▸ **TASK**:
Among the records below, find the lines containing "Recover" and state only how many there are.

*** Begin section ***

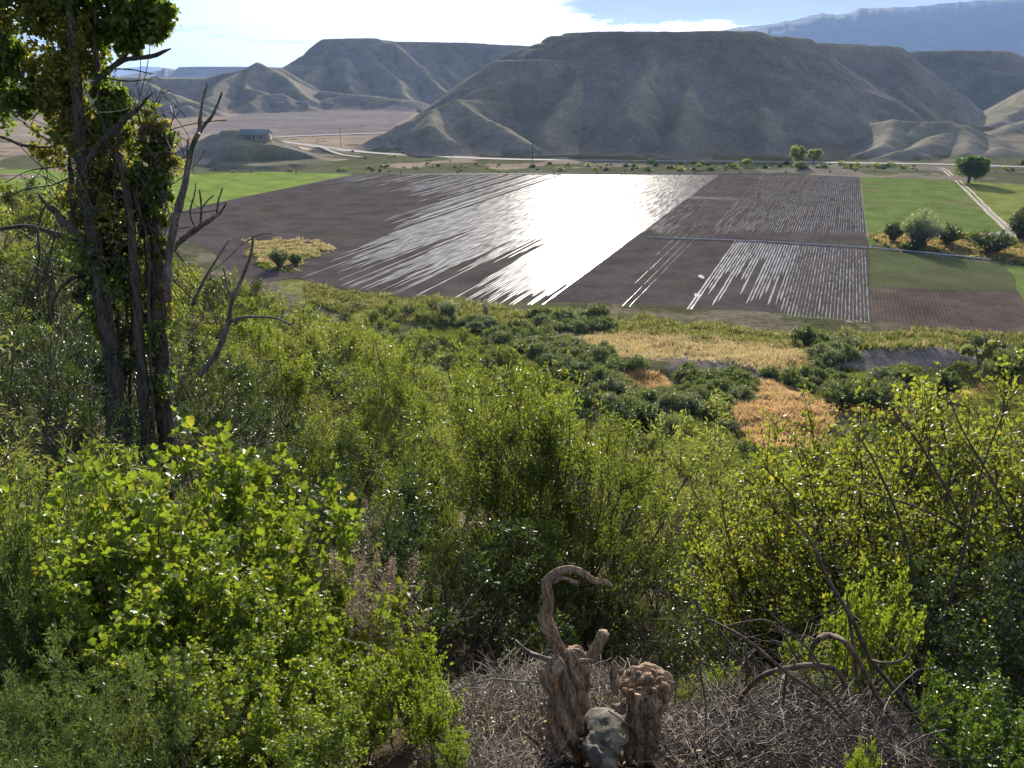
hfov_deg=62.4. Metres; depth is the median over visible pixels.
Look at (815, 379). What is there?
sagebrush
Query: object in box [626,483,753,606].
shaded shrub
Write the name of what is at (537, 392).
slope bush
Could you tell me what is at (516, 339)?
sagebrush
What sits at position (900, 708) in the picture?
dead twigs
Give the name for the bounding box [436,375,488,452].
willow bush
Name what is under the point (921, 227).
russian olive
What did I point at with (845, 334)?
sagebrush
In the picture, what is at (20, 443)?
willow shrub
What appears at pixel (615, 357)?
sagebrush
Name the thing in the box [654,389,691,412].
sagebrush
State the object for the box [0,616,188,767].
rabbitbrush
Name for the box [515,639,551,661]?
dead limb
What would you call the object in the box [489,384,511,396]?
slope bush
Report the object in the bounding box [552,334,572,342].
sagebrush
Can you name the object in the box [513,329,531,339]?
sagebrush
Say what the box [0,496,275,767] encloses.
currant bush
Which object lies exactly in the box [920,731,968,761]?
dead limb
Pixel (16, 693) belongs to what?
rabbitbrush
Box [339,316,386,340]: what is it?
willow bush
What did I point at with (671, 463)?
willow bush
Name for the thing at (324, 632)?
currant bush
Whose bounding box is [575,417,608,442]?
slope bush
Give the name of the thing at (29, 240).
willow bush
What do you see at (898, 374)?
greasewood bush
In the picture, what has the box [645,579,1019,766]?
dead twigs
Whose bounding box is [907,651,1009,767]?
currant bush
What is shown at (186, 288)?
willow bush
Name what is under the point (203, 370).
dead sapling
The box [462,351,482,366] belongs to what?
slope bush
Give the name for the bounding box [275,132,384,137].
country road
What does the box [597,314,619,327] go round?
sagebrush
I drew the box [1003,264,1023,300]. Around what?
corner green field
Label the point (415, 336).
slope bush
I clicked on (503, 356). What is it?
slope bush
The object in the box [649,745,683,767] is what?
dead limb
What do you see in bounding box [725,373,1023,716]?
serviceberry bush
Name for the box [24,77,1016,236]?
dirt road
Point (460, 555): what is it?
willow shrub
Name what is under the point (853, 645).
dead limb
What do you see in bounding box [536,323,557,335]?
sagebrush
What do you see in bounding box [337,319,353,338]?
willow bush
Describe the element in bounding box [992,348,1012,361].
sagebrush
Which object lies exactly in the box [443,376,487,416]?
willow bush
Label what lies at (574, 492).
willow shrub
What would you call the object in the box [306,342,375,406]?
willow bush
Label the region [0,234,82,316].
willow bush
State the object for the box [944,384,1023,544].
leaning branch
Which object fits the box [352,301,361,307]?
slope bush
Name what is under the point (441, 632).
dead limb
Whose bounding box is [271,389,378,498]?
willow shrub
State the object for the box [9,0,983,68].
sky
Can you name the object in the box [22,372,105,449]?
shaded shrub
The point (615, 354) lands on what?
sagebrush
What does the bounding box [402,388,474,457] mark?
willow bush
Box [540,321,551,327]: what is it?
sagebrush
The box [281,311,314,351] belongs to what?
willow bush
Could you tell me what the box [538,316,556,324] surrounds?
sagebrush
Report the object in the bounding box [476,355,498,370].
slope bush
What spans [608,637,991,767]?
dead twigs
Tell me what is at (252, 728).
currant bush
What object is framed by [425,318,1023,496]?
hollow grass
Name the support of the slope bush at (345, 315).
on the hillside ground at (400, 750)
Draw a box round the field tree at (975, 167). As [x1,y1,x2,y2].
[953,155,990,182]
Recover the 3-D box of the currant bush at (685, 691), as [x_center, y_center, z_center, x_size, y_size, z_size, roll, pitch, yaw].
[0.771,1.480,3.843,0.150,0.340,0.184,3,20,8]
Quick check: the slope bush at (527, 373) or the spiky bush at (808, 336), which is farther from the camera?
the spiky bush at (808, 336)
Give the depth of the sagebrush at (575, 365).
126.22 m
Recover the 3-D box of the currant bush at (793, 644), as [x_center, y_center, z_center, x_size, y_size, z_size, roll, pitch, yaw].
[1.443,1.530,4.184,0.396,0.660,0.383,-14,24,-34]
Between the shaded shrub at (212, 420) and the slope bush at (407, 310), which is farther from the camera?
the slope bush at (407, 310)
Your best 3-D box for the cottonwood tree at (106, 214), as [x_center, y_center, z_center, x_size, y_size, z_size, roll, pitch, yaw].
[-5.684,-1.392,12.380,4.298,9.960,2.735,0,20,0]
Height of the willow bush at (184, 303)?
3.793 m
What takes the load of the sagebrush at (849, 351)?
on the hillside ground at (400, 750)
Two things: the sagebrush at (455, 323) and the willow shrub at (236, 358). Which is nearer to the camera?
the willow shrub at (236, 358)
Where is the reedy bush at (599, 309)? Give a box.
[584,302,610,316]
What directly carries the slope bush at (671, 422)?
on the hillside ground at (400, 750)
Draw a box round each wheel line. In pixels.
[147,165,351,173]
[400,171,836,173]
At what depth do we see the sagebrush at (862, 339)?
159.16 m
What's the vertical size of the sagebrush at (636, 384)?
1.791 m
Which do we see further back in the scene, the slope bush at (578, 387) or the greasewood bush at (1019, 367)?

*** End section ***

▸ **SOLUTION TO THE EXERCISE**:
2